Going through the entries below, copy out each line that contains "VECTOR".

——————————

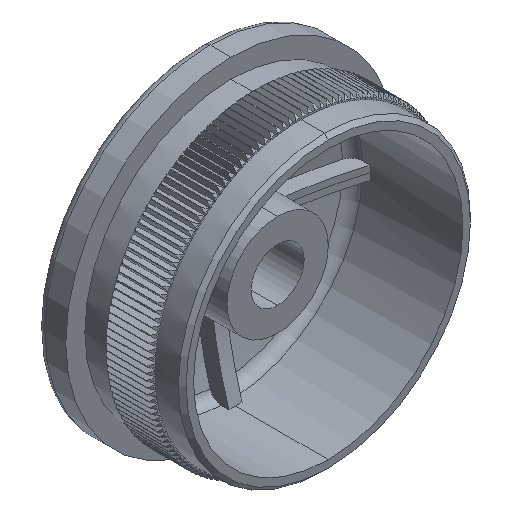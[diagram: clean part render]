
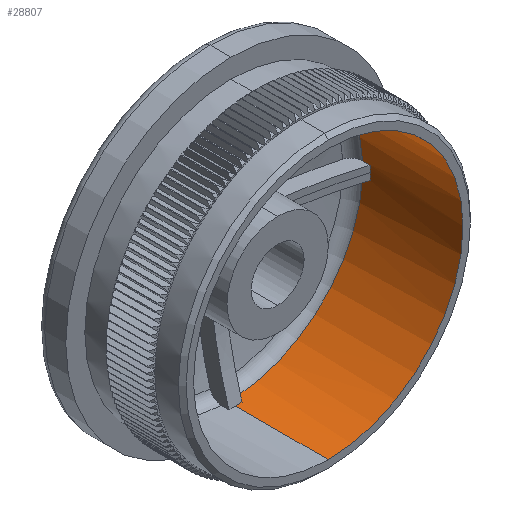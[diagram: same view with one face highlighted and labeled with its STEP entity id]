
A CAD part, isometric view. The second image highlights one B-rep face of the part: STEP entity #28807.
In plain terms, the highlighted cylindrical face has radius 17.3 mm (diameter 34.6 mm), a partial arc.
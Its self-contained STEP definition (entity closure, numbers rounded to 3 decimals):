
#456 = VERTEX_POINT ( 'NONE', #7658 ) ;
#1027 = EDGE_CURVE ( 'NONE', #6693, #8910, #44867, .T. ) ;
#1610 = CIRCLE ( 'NONE', #6108, 17.3 ) ;
#1617 = AXIS2_PLACEMENT_3D ( 'NONE', #7063, #24292, #24736 ) ;
#1770 = AXIS2_PLACEMENT_3D ( 'NONE', #4450, #42536, #42976 ) ;
#2005 = CARTESIAN_POINT ( 'NONE',  ( 0., 0., -17.3 ) ) ;
#2542 = DIRECTION ( 'NONE',  ( 0., -1., 0. ) ) ;
#3381 = VERTEX_POINT ( 'NONE', #10648 ) ;
#3516 = ORIENTED_EDGE ( 'NONE', *, *, #22396, .F. ) ;
#3745 = CARTESIAN_POINT ( 'NONE',  ( 17.279, 19.501, 0.85 ) ) ;
#4205 = CARTESIAN_POINT ( 'NONE',  ( 0., 0., 17.3 ) ) ;
#4450 = CARTESIAN_POINT ( 'NONE',  ( 0., 11.917, 0. ) ) ;
#4686 = CARTESIAN_POINT ( 'NONE',  ( 0., 11.917, 0. ) ) ;
#4866 = DIRECTION ( 'NONE',  ( 0., -1., 0. ) ) ;
#4911 = CARTESIAN_POINT ( 'NONE',  ( 0.85, 11.917, 17.279 ) ) ;
#4965 = DIRECTION ( 'NONE',  ( 0., -1., 0. ) ) ;
#5593 = VECTOR ( 'NONE', #15457, 1000. ) ;
#5771 = VERTEX_POINT ( 'NONE', #4205 ) ;
#6108 = AXIS2_PLACEMENT_3D ( 'NONE', #4686, #29436, #32774 ) ;
#6693 = VERTEX_POINT ( 'NONE', #33687 ) ;
#7063 = CARTESIAN_POINT ( 'NONE',  ( 0., 0., 0. ) ) ;
#7103 = EDGE_CURVE ( 'NONE', #8910, #5771, #11821, .T. ) ;
#7658 = CARTESIAN_POINT ( 'NONE',  ( 0.85, 11.917, -17.279 ) ) ;
#7941 = ORIENTED_EDGE ( 'NONE', *, *, #7103, .T. ) ;
#7999 = DIRECTION ( 'NONE',  ( 0., -1., 0. ) ) ;
#8459 = ORIENTED_EDGE ( 'NONE', *, *, #1027, .T. ) ;
#8815 = CARTESIAN_POINT ( 'NONE',  ( 0., 11.917, 17.3 ) ) ;
#8910 = VERTEX_POINT ( 'NONE', #2005 ) ;
#9177 = EDGE_LOOP ( 'NONE', ( #28006, #20429, #25248, #23897, #34626, #18389, #23471, #27868, #39613, #19715, #3516, #8459, #7941 ) ) ;
#9336 = FACE_OUTER_BOUND ( 'NONE', #9177, .T. ) ;
#9395 = LINE ( 'NONE', #14986, #5593 ) ;
#9652 = VERTEX_POINT ( 'NONE', #4911 ) ;
#9707 = VERTEX_POINT ( 'NONE', #25336 ) ;
#9745 = EDGE_CURVE ( 'NONE', #10085, #456, #9395, .T. ) ;
#10085 = VERTEX_POINT ( 'NONE', #35872 ) ;
#10193 = CARTESIAN_POINT ( 'NONE',  ( 0., 12.872, 0. ) ) ;
#10648 = CARTESIAN_POINT ( 'NONE',  ( 17.279, 12.872, 0.85 ) ) ;
#11301 = VECTOR ( 'NONE', #4866, 1000. ) ;
#11821 = CIRCLE ( 'NONE', #1617, 17.3 ) ;
#11885 = CARTESIAN_POINT ( 'NONE',  ( 17.279, 19.501, -0.85 ) ) ;
#12842 = AXIS2_PLACEMENT_3D ( 'NONE', #28344, #18381, #32447 ) ;
#12862 = CARTESIAN_POINT ( 'NONE',  ( 0., 11.917, 0. ) ) ;
#13297 = EDGE_CURVE ( 'NONE', #9652, #20489, #29405, .T. ) ;
#14107 = EDGE_CURVE ( 'NONE', #23007, #9652, #35863, .T. ) ;
#14533 = DIRECTION ( 'NONE',  ( 0., -1., 0. ) ) ;
#14763 = CARTESIAN_POINT ( 'NONE',  ( 17.279, 11.917, -0.85 ) ) ;
#14986 = CARTESIAN_POINT ( 'NONE',  ( 0.85, 19.501, -17.279 ) ) ;
#15457 = DIRECTION ( 'NONE',  ( 0., -1., 0. ) ) ;
#16236 = DIRECTION ( 'NONE',  ( 0., 0., -1. ) ) ;
#17692 = VERTEX_POINT ( 'NONE', #25669 ) ;
#17700 = VECTOR ( 'NONE', #24469, 1000. ) ;
#18381 = DIRECTION ( 'NONE',  ( 0., -1., 0. ) ) ;
#18389 = ORIENTED_EDGE ( 'NONE', *, *, #27833, .F. ) ;
#18471 = CARTESIAN_POINT ( 'NONE',  ( 0., 16.5, 0. ) ) ;
#18976 = EDGE_CURVE ( 'NONE', #3381, #9707, #22084, .T. ) ;
#19715 = ORIENTED_EDGE ( 'NONE', *, *, #9745, .T. ) ;
#20429 = ORIENTED_EDGE ( 'NONE', *, *, #13297, .F. ) ;
#20489 = VERTEX_POINT ( 'NONE', #8815 ) ;
#21880 = CIRCLE ( 'NONE', #35788, 17.3 ) ;
#22084 = LINE ( 'NONE', #3745, #17700 ) ;
#22396 = EDGE_CURVE ( 'NONE', #6693, #456, #41255, .T. ) ;
#23007 = VERTEX_POINT ( 'NONE', #43375 ) ;
#23471 = ORIENTED_EDGE ( 'NONE', *, *, #30385, .F. ) ;
#23489 = CIRCLE ( 'NONE', #27374, 17.3 ) ;
#23897 = ORIENTED_EDGE ( 'NONE', *, *, #36851, .T. ) ;
#24292 = DIRECTION ( 'NONE',  ( 0., -1., 0. ) ) ;
#24469 = DIRECTION ( 'NONE',  ( 0., -1., 0. ) ) ;
#24736 = DIRECTION ( 'NONE',  ( 0., 0., -1. ) ) ;
#25248 = ORIENTED_EDGE ( 'NONE', *, *, #14107, .F. ) ;
#25336 = CARTESIAN_POINT ( 'NONE',  ( 17.279, 11.917, 0.85 ) ) ;
#25669 = CARTESIAN_POINT ( 'NONE',  ( 17.279, 12.872, -0.85 ) ) ;
#25853 = CARTESIAN_POINT ( 'NONE',  ( 0.85, 19.501, 17.279 ) ) ;
#26567 = DIRECTION ( 'NONE',  ( 0., 1., 0. ) ) ;
#27374 = AXIS2_PLACEMENT_3D ( 'NONE', #12862, #2542, #16236 ) ;
#27730 = CIRCLE ( 'NONE', #32910, 17.3 ) ;
#27833 = EDGE_CURVE ( 'NONE', #42464, #9707, #23489, .T. ) ;
#27868 = ORIENTED_EDGE ( 'NONE', *, *, #38618, .F. ) ;
#28006 = ORIENTED_EDGE ( 'NONE', *, *, #29929, .F. ) ;
#28344 = CARTESIAN_POINT ( 'NONE',  ( 0., 11.917, 0. ) ) ;
#28413 = LINE ( 'NONE', #39648, #41446 ) ;
#28797 = CARTESIAN_POINT ( 'NONE',  ( 0., 16.5, -17.3 ) ) ;
#28807 = ADVANCED_FACE ( 'NONE', ( #9336 ), #32299, .F. ) ;
#29405 = CIRCLE ( 'NONE', #12842, 17.3 ) ;
#29436 = DIRECTION ( 'NONE',  ( 0., -1., 0. ) ) ;
#29929 = EDGE_CURVE ( 'NONE', #20489, #5771, #28413, .T. ) ;
#30325 = VERTEX_POINT ( 'NONE', #14763 ) ;
#30385 = EDGE_CURVE ( 'NONE', #30325, #42464, #1610, .T. ) ;
#32299 = CYLINDRICAL_SURFACE ( 'NONE', #39357, 17.3 ) ;
#32447 = DIRECTION ( 'NONE',  ( 0., 0., -1. ) ) ;
#32672 = DIRECTION ( 'NONE',  ( 0., -1., 0. ) ) ;
#32774 = DIRECTION ( 'NONE',  ( 0., 0., -1. ) ) ;
#32910 = AXIS2_PLACEMENT_3D ( 'NONE', #10193, #34793, #34641 ) ;
#33687 = CARTESIAN_POINT ( 'NONE',  ( 0., 11.917, -17.3 ) ) ;
#33774 = DIRECTION ( 'NONE',  ( 0., 0., -1. ) ) ;
#34626 = ORIENTED_EDGE ( 'NONE', *, *, #18976, .T. ) ;
#34641 = DIRECTION ( 'NONE',  ( 0., 0., -1. ) ) ;
#34793 = DIRECTION ( 'NONE',  ( 0., 1., 0. ) ) ;
#35788 = AXIS2_PLACEMENT_3D ( 'NONE', #37556, #26567, #33774 ) ;
#35863 = LINE ( 'NONE', #25853, #38046 ) ;
#35872 = CARTESIAN_POINT ( 'NONE',  ( 0.85, 12.872, -17.279 ) ) ;
#35896 = LINE ( 'NONE', #11885, #11301 ) ;
#36851 = EDGE_CURVE ( 'NONE', #23007, #3381, #21880, .T. ) ;
#37556 = CARTESIAN_POINT ( 'NONE',  ( 0., 12.872, 0. ) ) ;
#37844 = VECTOR ( 'NONE', #7999, 1000. ) ;
#38046 = VECTOR ( 'NONE', #4965, 1000. ) ;
#38618 = EDGE_CURVE ( 'NONE', #17692, #30325, #35896, .T. ) ;
#38783 = CARTESIAN_POINT ( 'NONE',  ( 17.3, 11.917, 0. ) ) ;
#38810 = EDGE_CURVE ( 'NONE', #17692, #10085, #27730, .T. ) ;
#39357 = AXIS2_PLACEMENT_3D ( 'NONE', #18471, #14533, #42979 ) ;
#39613 = ORIENTED_EDGE ( 'NONE', *, *, #38810, .T. ) ;
#39648 = CARTESIAN_POINT ( 'NONE',  ( 0., 16.5, 17.3 ) ) ;
#41255 = CIRCLE ( 'NONE', #1770, 17.3 ) ;
#41446 = VECTOR ( 'NONE', #32672, 1000. ) ;
#42464 = VERTEX_POINT ( 'NONE', #38783 ) ;
#42536 = DIRECTION ( 'NONE',  ( 0., -1., 0. ) ) ;
#42976 = DIRECTION ( 'NONE',  ( 0., 0., -1. ) ) ;
#42979 = DIRECTION ( 'NONE',  ( 0., 0., -1. ) ) ;
#43375 = CARTESIAN_POINT ( 'NONE',  ( 0.85, 12.872, 17.279 ) ) ;
#44867 = LINE ( 'NONE', #28797, #37844 ) ;

——————————

TASK OUTPUT:
#5593 = VECTOR ( 'NONE', #15457, 1000. ) ;
#11301 = VECTOR ( 'NONE', #4866, 1000. ) ;
#17700 = VECTOR ( 'NONE', #24469, 1000. ) ;
#37844 = VECTOR ( 'NONE', #7999, 1000. ) ;
#38046 = VECTOR ( 'NONE', #4965, 1000. ) ;
#41446 = VECTOR ( 'NONE', #32672, 1000. ) ;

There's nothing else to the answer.